Mr. Nash said he has no doubt about the place for wind power in energy plans, but the prospect of a rash of such small generators worried him.
“I am definitely opposed to covering the Island with small generators, rather than having clustered large ones,” he said.
He remains opposed to Morning Glory Farm’s plan to build a turbine.
It would take 180 small 10kW turbines, such as the one already up at the regional high school, to generate as much power as just one unit the size Tisbury or Mr. Nelson’s farm concept call for.
But conservation-minded individuals remain eager to do it themselves, especially given the slow and uncertain movement of plans for larger-scale generation.
On the federal level, on Earth Day this week, President Obama traveled to Iowa to speak about government commitment to offshore wind power.
Closer to home, the Farm-School Wind Turbine concept is centered around a Mass Technology Collaborative grant that went to Northern Pines Farm in Vineyard Haven, aided by Mr. Nelson.

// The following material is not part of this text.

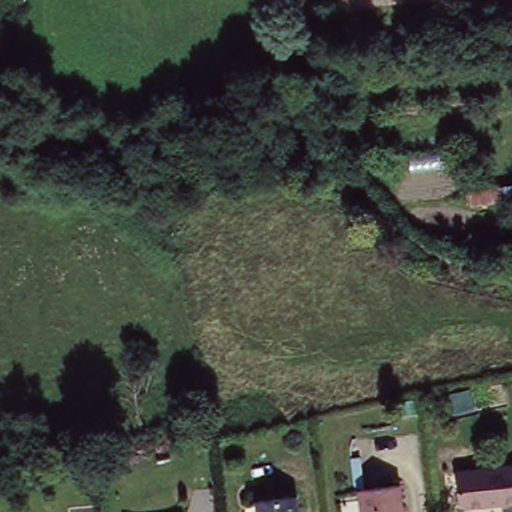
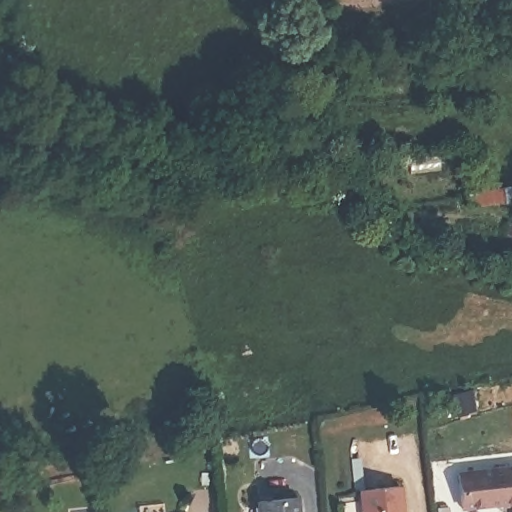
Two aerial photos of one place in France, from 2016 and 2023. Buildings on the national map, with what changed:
unchanged [(454,197),(452,186),(491,180),(491,178),(512,176),(512,187),(492,190),(492,192),(454,197)]
unchanged [(512,464),(512,499),(463,505),(459,471),(512,464)]
unchanged [(400,484),(403,512),(362,512),(359,488),(400,484)]
unchanged [(297,497),(298,512),(257,512),(256,501),(297,497)]

“We’re working on putting up the met tower. Once that’s up we can move forward with assembling all the pieces, and that will include finding farmers that want to partner in creating the farm-to-farm connection,” he said, adding: “And we’re working with Senator O’Leary and Representative Madden on the legislative side, to be able to connect the farms to schools.”
He said a new regulatory regime is being developed by the state Department of Public Utilities.

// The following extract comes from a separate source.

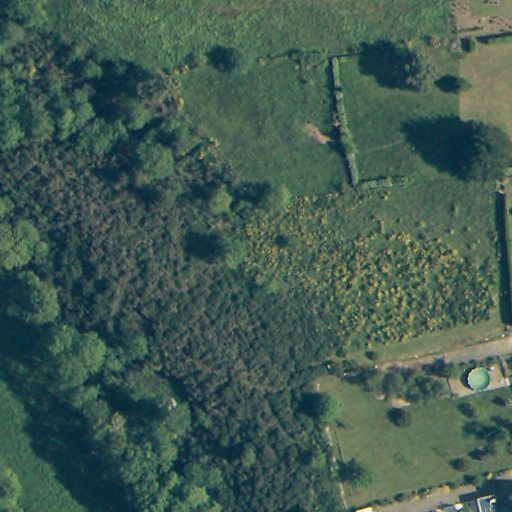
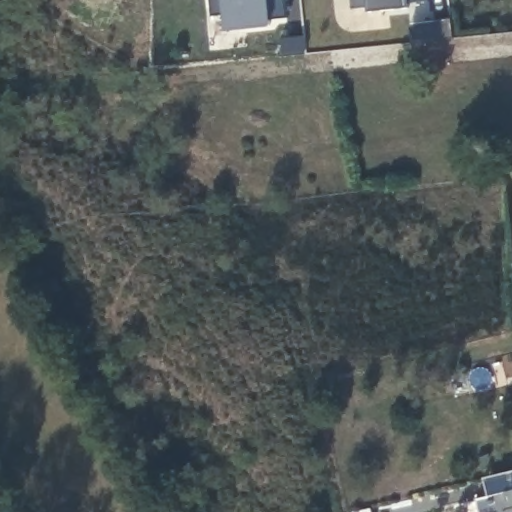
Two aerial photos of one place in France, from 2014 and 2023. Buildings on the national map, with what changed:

“What’s amazing,” he said, “is that the final draft regulations that the power companies
have presented to the DPU permit this CSA concept.
“They are not creating any limitations regarding to whom a turbine owner may transfer power. They’re not seeking to restrict the ownership of the turbine . . . and the owners of the turbine would have the ability to assign power to any other account that they wish.”

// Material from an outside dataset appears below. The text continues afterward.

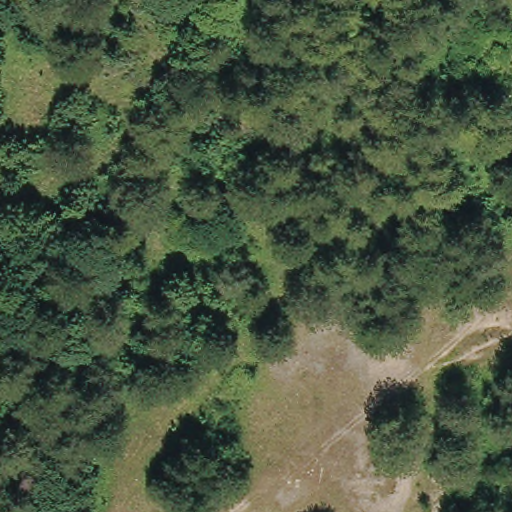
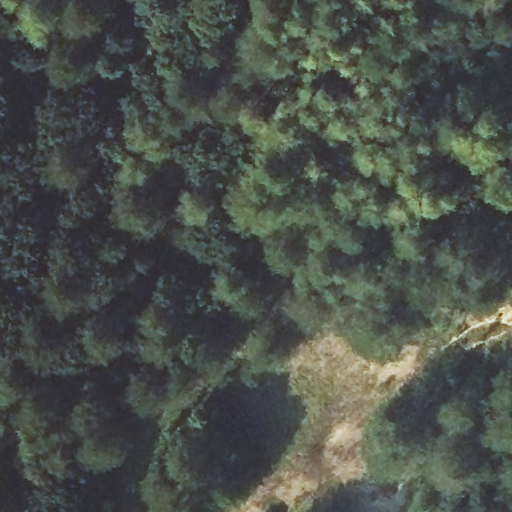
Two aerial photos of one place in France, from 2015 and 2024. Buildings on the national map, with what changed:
unchanged [(512,114),(512,205),(466,159),(512,114)]

The importance of this? Consider the location of Northern Pines and Thimble farms.
Thimble Farm, because of its proximity to the airport, cannot put up turbines. But Northern Pines, near the end of Lake Tashmoo, faces no such restriction.
The Northern Pines turbine could generate enough power for two or more farms, and direct that power, at an agreed price, via the NStar grid, at no extra distribution charge.
“The grid then becomes like a virtual battery — you generate power and put it in, and then decide to whom you provide it and at what cost,” Mr. Nelson said.
Then it becomes a matter of finding customers who will agree to buy the power over a set period of time, so money can be raised to build the turbines.
“And that,” said Mr. Nelson, “is where the farm-to-school bit becomes so important, because schools are such a wonderfully stable customer. Farming is somewhat of a risky venture, and we would imagine that a bank would look more favorably on a school as a customer.”
There are still many legalities to sort out.
Mr. Nelson has received a letter from the Department of Agriculture supporting the plan to supply power to Thimble Farm from Northern Pines.
But that arrangement is a purely agricultural. Distribution of power for nonfarm use raises the inevitable question about when a farm stops being a farm and becomes an electricity company.
Mr. Nelson said he met with the state Commissioner of Agriculture.
“He was adamant that Massachusetts farmers do not leave farming to become electricity generators. The minute you do that you lose the farm structure status for the wind turbine [which allows turbines by right], and that’s a critical distinction,” he said.
But ultimately, he hopes it could be possible for people who buy shares through a Community Supported Agriculture program to also be assigned cheaper power.
“It might be stretching the point, but you would have to say the CSA members would have to have a contractual deal with the farmer which says ‘I am buying your vegetables, I have a contract with a farm.’
And it furthers the cause of agriculture. “That could be a huge stimulus for people to join,” Mr. Nelson said.
And so the discussion continues. To that end, the Vineyard Energy Project will host an energy forum at the Katharine Cornell Theatre in Vineyard Haven on Friday, May 1 at 3 p.m. The public is encouraged to attend.